У Иванцова-Платонова было много занятий в Троице-Сергиевской духовной академии, в разных богословских обществах, и, кроме того, ему едва хватало времени для издания и корректур его многих и замечательных книг. Он отлично знал, что в училище богословие считается предметом почти необязательным, экзамена по нему не полагалось. И он со спокойным равнодушием ставил всем юнкерам по двенадцати баллов. Также ему было все равно, чем занимаются юнкера на его лекциях. Он даже не глядел на них, произнося свои веские мудрые ученые слова… А юнкера в это время подзубривали военные науки для близкой репетиции, чертили профили и фасы, заданные профессорами артиллерии и фортификации, упражнялись в топографическом искусстве, читали книжки Дюма-отца или попросту срисовывали лысую, почти голую мощную голову прославленного пастыря. Требовалась только условная минимальная тишина, ибо Иванцов-Платонов готовился к ближайшей лекции в более серьезном месте.

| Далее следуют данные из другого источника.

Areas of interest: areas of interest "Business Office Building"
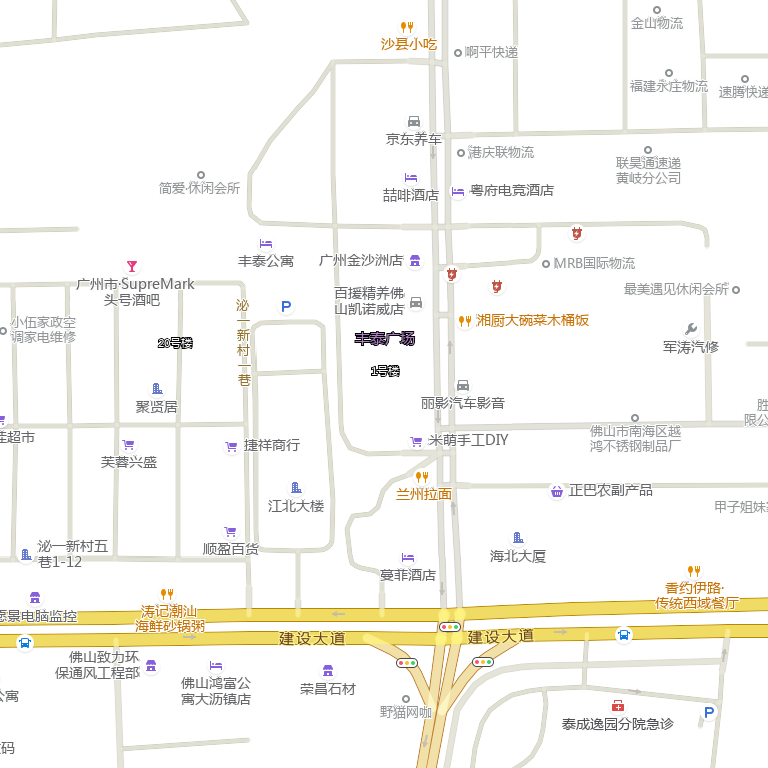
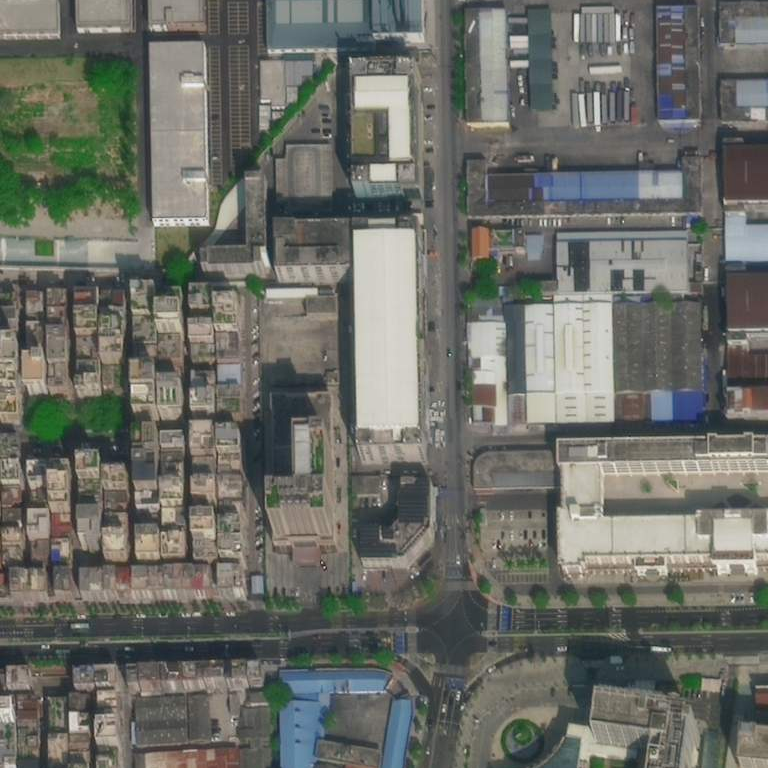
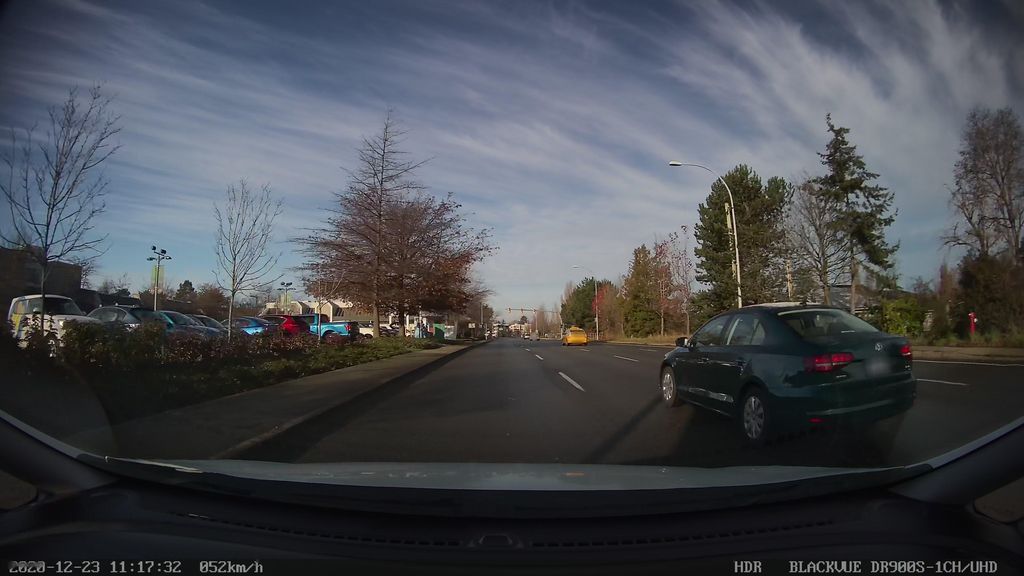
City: victoria
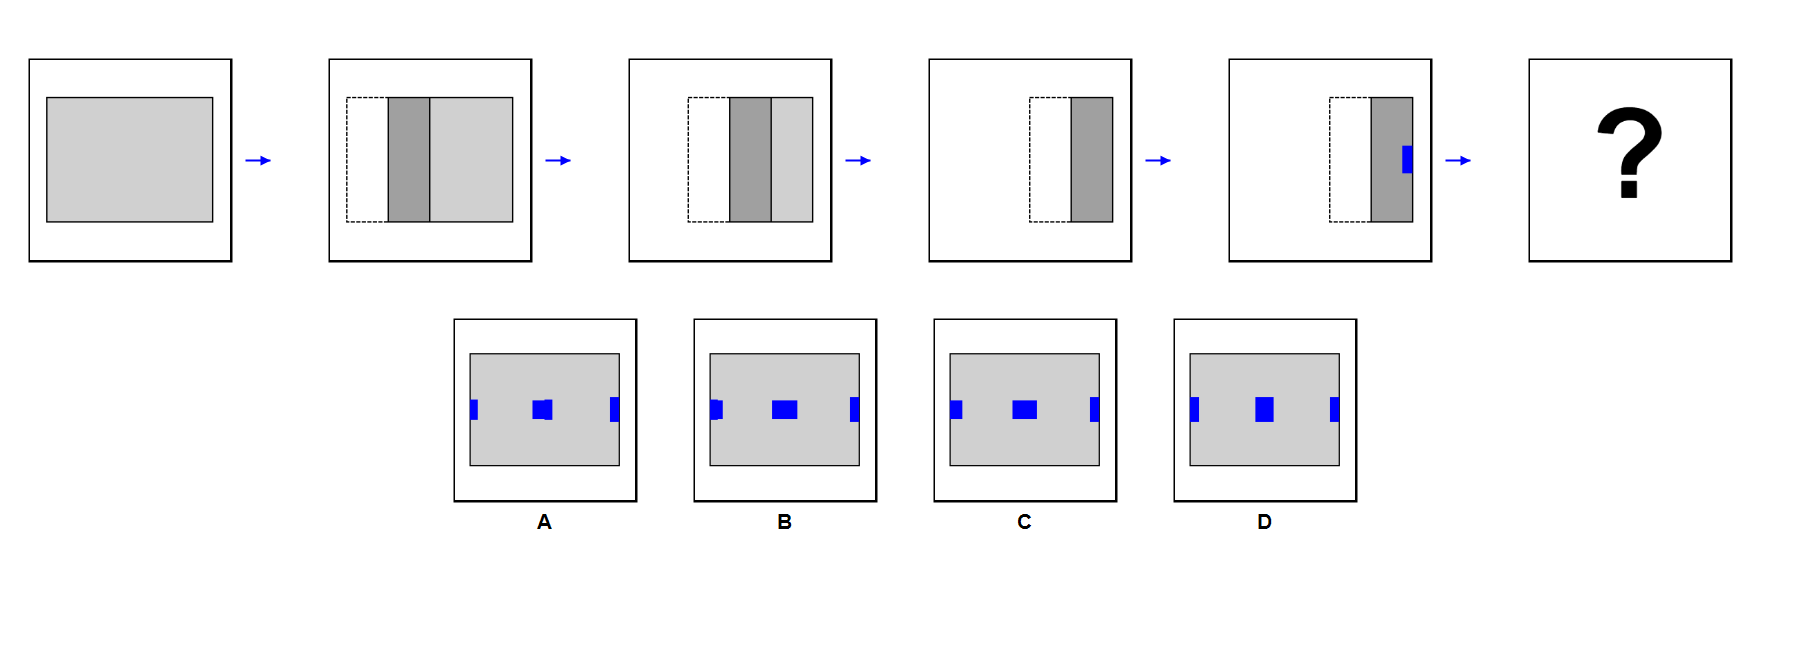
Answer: D
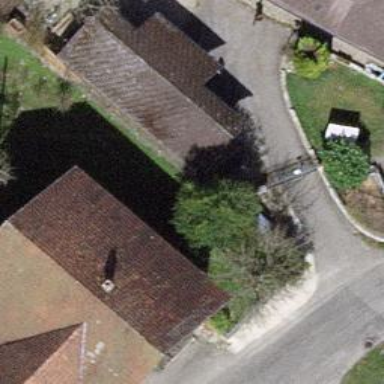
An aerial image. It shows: Garage building.
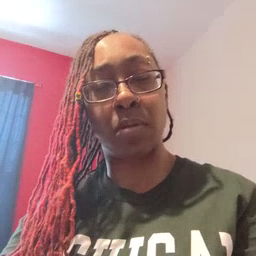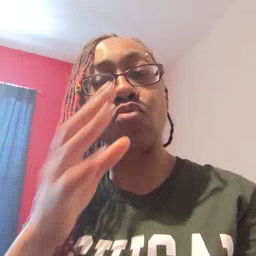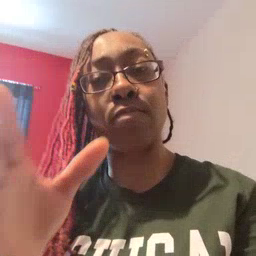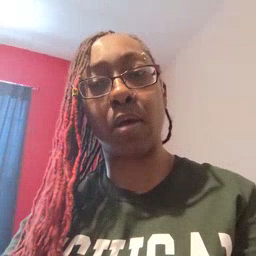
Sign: grandma
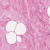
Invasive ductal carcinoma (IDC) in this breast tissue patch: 0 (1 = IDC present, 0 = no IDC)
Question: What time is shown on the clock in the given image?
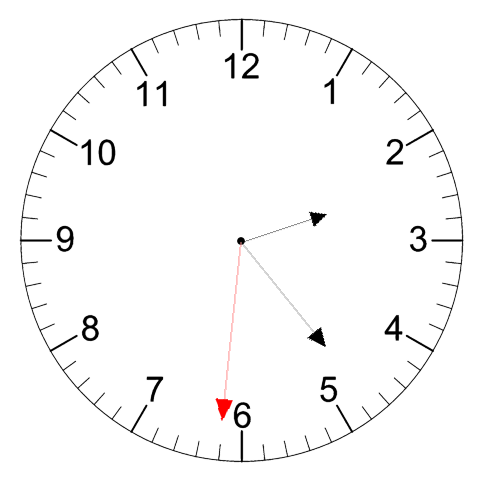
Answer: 02:23:31
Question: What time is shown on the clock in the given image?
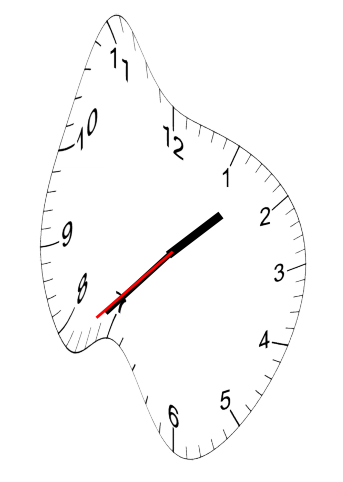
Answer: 01:37:38
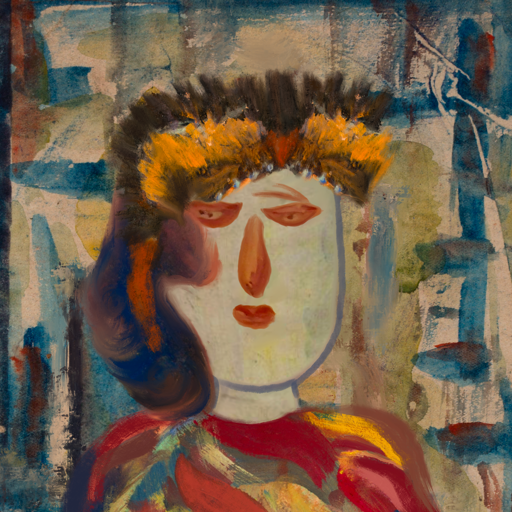
Background: Orphan, Head And Neck Front: Hill_Girl, Face Front: Pious_Lady, Bust: Mother_And_Son_Son, Hair Front: Mother_And_Son_Son, Head Accessory: Gypsy_Queen, Second Necklace: Blank, Necklace: Blank, Baby: Blank
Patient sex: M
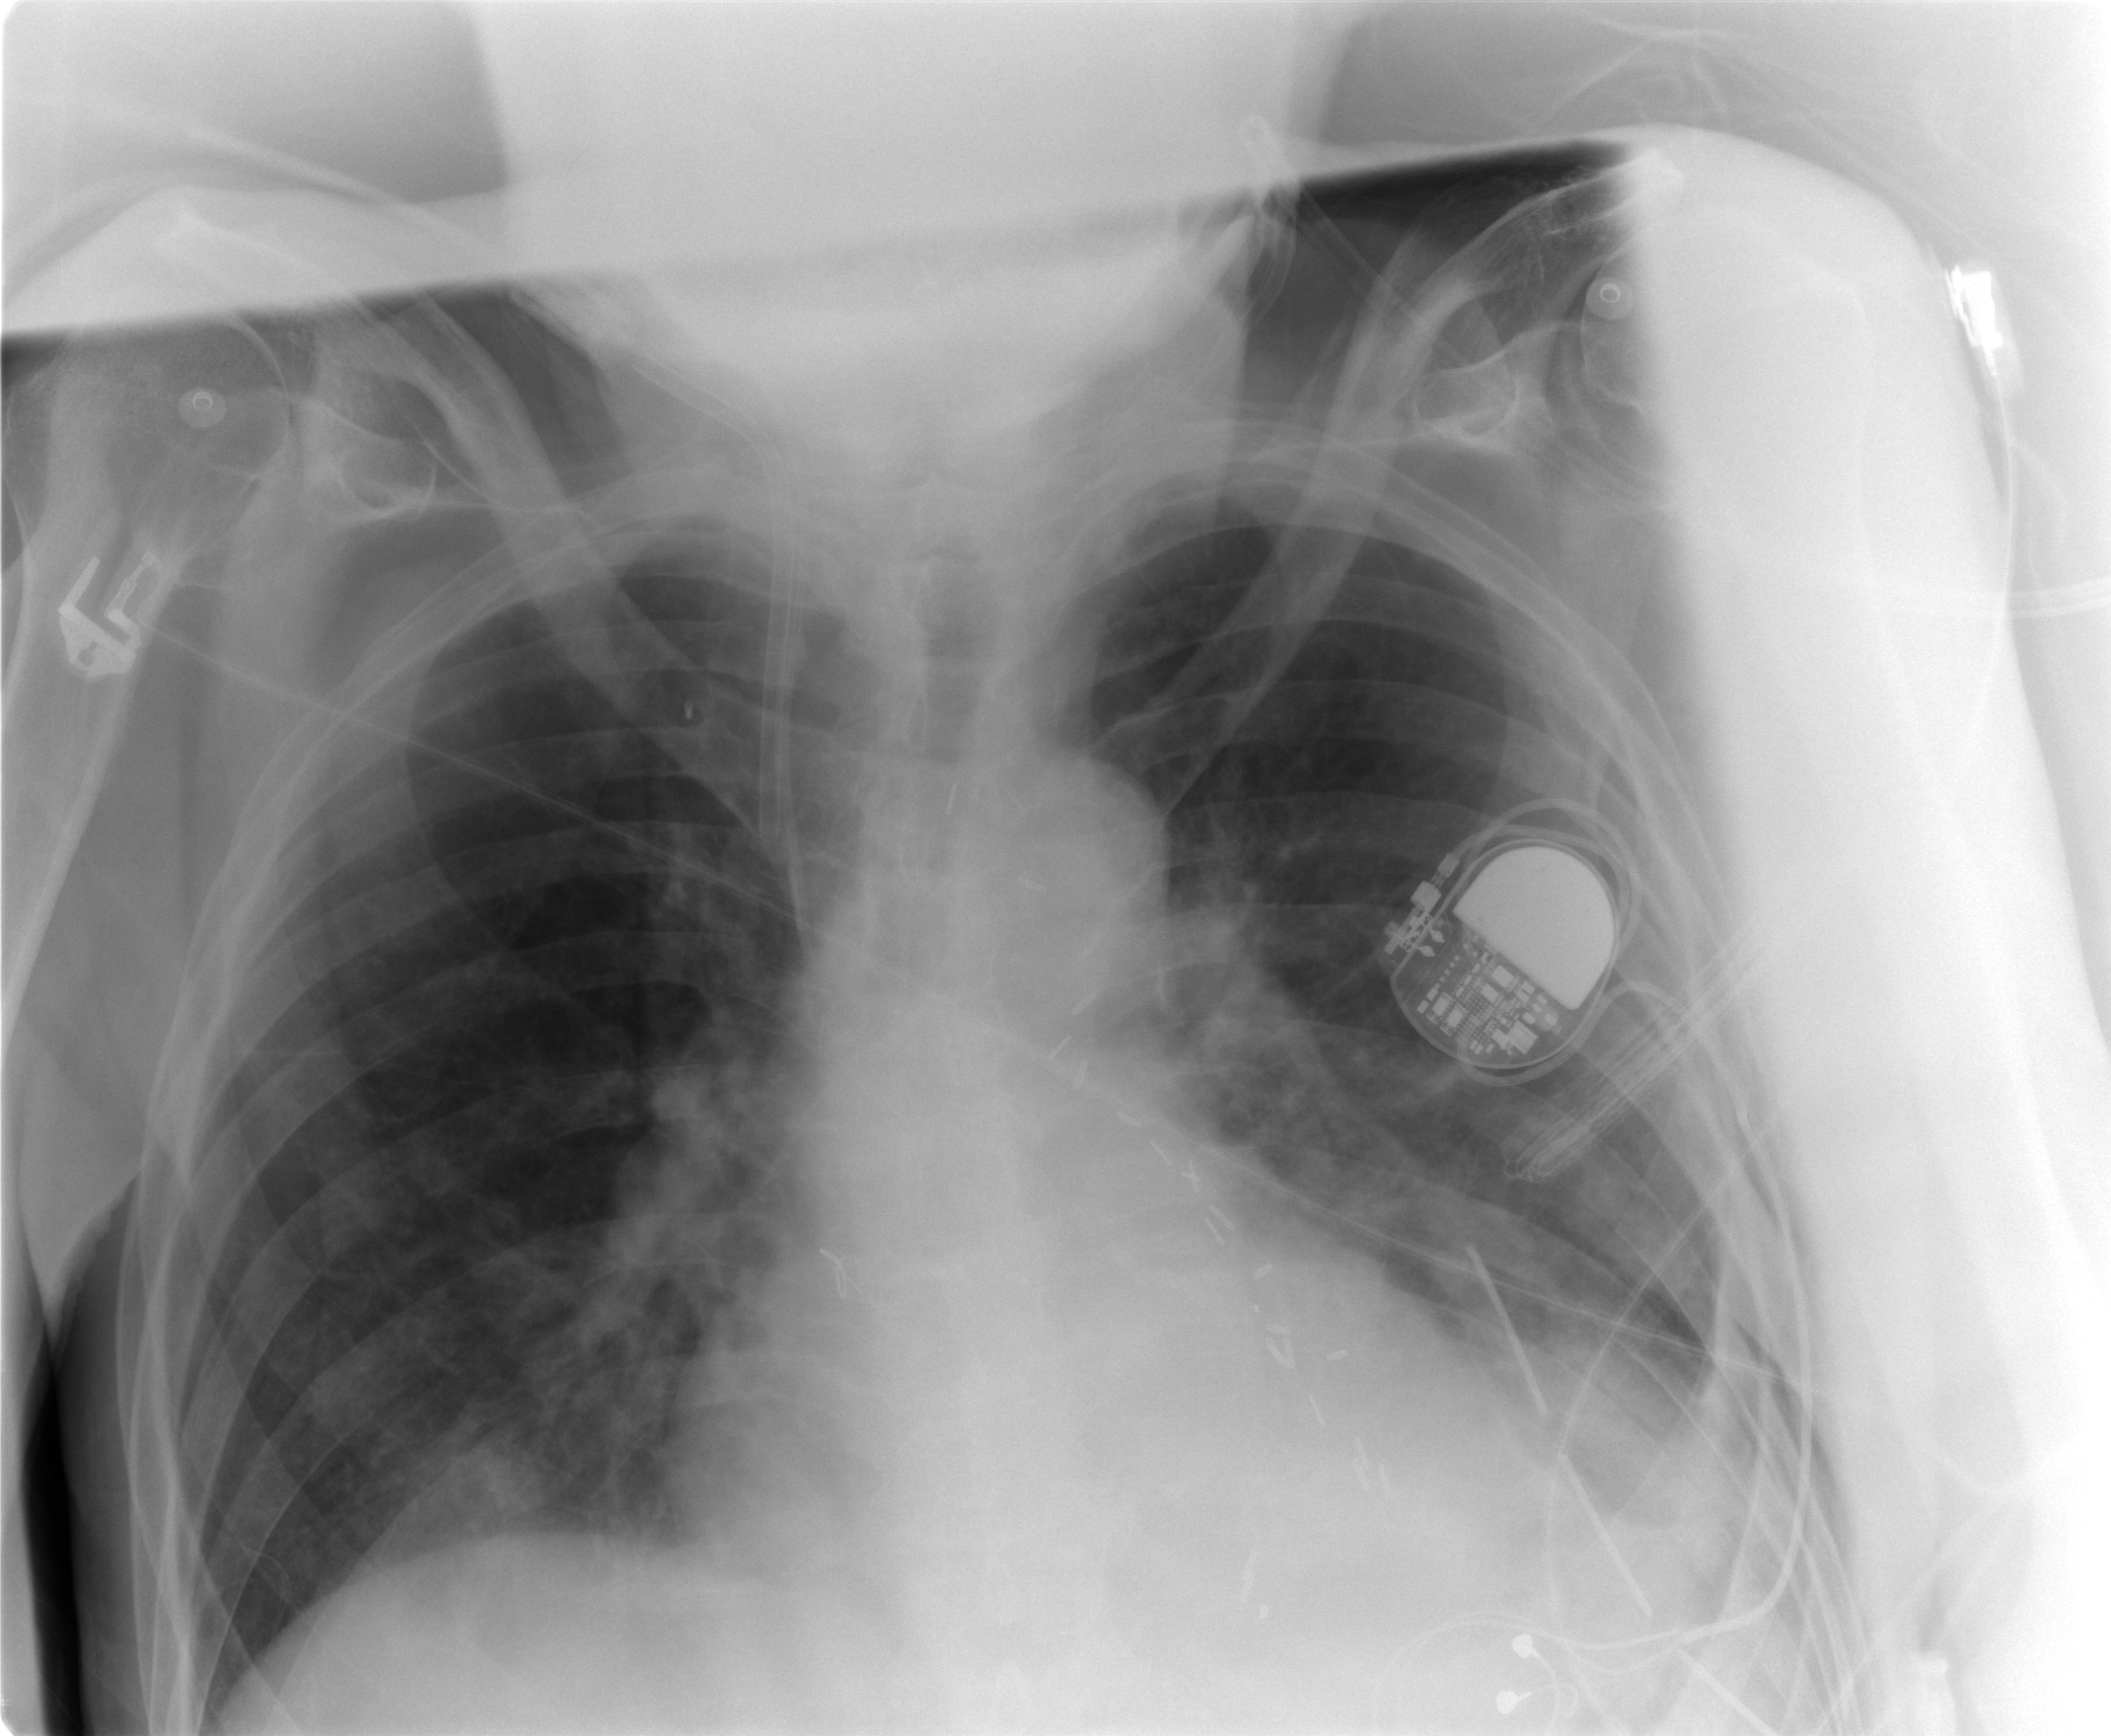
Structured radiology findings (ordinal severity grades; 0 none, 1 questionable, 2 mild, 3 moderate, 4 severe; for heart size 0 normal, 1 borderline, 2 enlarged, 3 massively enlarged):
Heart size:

Александров, как и всегда, сел рядом с Венсаном и протянул ему полученное письмецо. Венсан неторопливо с серьезным видом рассмотрел и отдал назад.
– Ну что же, Александров, ты – счастливец, – сказал он с дружеской улыбкой. (У них уже давно вошло в обычай говорить друг другу «вы» по делам училищным и «ты» – по делам дружбы, тонких чувств и любви.)
– Вчера, только вчера ты не осмеливался прикоснуться губами к ее фотографическому портрету, а, смотри, сегодня она тебе назначила рандеву на катке, где ты поцелуешь не кусок картона, а, может быть, живую теплую душистую перчатку на маленькой ручке. Ох, уж вы мне, скрипучие пессимисты!
– А погляди, погляди, – волновался Александров, – погляди, как она, мое божество, подписалась. «Ваша». Это значит – моя, моя, моя, моя. Моя.
Суровый реалист Венсан не согласился.
– Ваша – это не значит – твоя. Ваша или ваш – это только условное и не очень почтительное сокращение обычного окончания письма. Занятые люди нередко, вместо того чтобы написать: «теперь, милостивый государь мой, разрешите мне великую честь покорнейше просить Вас увериться в совершенной преданности, глубоком почтении и неизменной готовности к услугам Вашим покорнейшего слуги Вашего…» Вместо всей этой белиберды канцелярской умный и деловитый человек просто пишет: «Ваш Х.», и все тут.